University of Minnesota, Minneapolis, MN

Paper No. IMECE2011-64597, pp. 1215-1225; 11 pages
  • ASME 2011 International Mechanical Engineering Congress and Exposition
  • Volume 4: Energy Systems Analysis, Thermodynamics and Sustainability; Combustion Science and Engineering; Nanoengineering for Energy, Parts A and B
  • Denver, Colorado, USA, November 11–17, 2011
  • Conference Sponsors: ASME
  • ISBN: 978-0-7918-5490-7
  • Copyright © 2011 by ASME


This paper explores the theoretical efficiencies of single Brayton and combined Brayton-Rankine thermodynamic power cycles for distributed solar thermal power generation.

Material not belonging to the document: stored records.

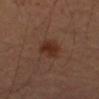Q: Was a biopsy performed?
A: total-body-photography surveillance lesion; no biopsy
Q: How was the tile lit?
A: cross-polarized illumination
Q: What are the patient's age and sex?
A: male, aged 63–67
Q: What is the lesion's diameter?
A: ~3 mm (longest diameter)
Q: What is the anatomic site?
A: the left forearm
Q: What did automated image analysis measure?
A: a lesion area of about 6.5 mm², a shape eccentricity near 0.35, and a shape-asymmetry score of about 0.2 (0 = symmetric); a lesion color around L≈29 a*≈20 b*≈26 in CIELAB, about 8 CIELAB-L* units darker than the surrounding skin, and a normalized border contrast of about 8; a border-irregularity rating of about 2/10, a within-lesion color-variation index near 2/10, and peripheral color asymmetry of about 0.5; a classifier nevus-likeness of about 95/100
Q: What kind of image is this?
A: ~15 mm tile from a whole-body skin photo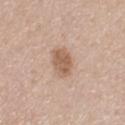This lesion was catalogued during total-body skin photography and was not selected for biopsy. Automated image analysis of the tile measured a lesion area of about 8 mm², an eccentricity of roughly 0.7, and a symmetry-axis asymmetry near 0.15. The analysis additionally found a lesion color around L≈59 a*≈18 b*≈30 in CIELAB, a lesion–skin lightness drop of about 11, and a lesion-to-skin contrast of about 7.5 (normalized; higher = more distinct). The analysis additionally found a border-irregularity index near 1.5/10, a color-variation rating of about 3/10, and a peripheral color-asymmetry measure near 1. The software also gave a lesion-detection confidence of about 100/100. From the upper back. A male subject, aged 38 to 42. A 15 mm close-up tile from a total-body photography series done for melanoma screening.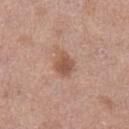notes = imaged on a skin check; not biopsied
body site = the left thigh
lighting = white-light
imaging modality = ~15 mm crop, total-body skin-cancer survey
automated metrics = a mean CIELAB color near L≈53 a*≈21 b*≈29, roughly 10 lightness units darker than nearby skin, and a normalized border contrast of about 7.5; an automated nevus-likeness rating near 60 out of 100 and a detector confidence of about 100 out of 100 that the crop contains a lesion
patient = female, aged 38 to 42

Thermodynamic analyses are conducted for the nominal solar power input to the receiver of 75 kW, concentration ratio in the range 50–100 suns, and for selected heat transfer fluids including air, argon, carbon dioxide, helium, and hydrogen for the Brayton cycle and for the topping cycle of the combined system. C6-fluoroketone, cyclohexane, n-pentane, R-141b, R-245fa, HFE-7000, and steam are examined as working fluids in the bottoming segment of the combined cycle. A single Brayton cycle is found to reach a peak efficiency of 13.3% with carbon dioxide and 100 suns solar input. The four top-performing Brayton cycle fluids are examined as topping cycle fluids in the combined cycle. Each of the four fluids is paired with seven potential bottoming fluids, resulting in 28 heat transfer fluid configurations. The combination of the Brayton topping cycle using carbon dioxide and the Rankine bottoming cycle using R-141b gives the highest thermal efficiency of 22.3% for 100 suns.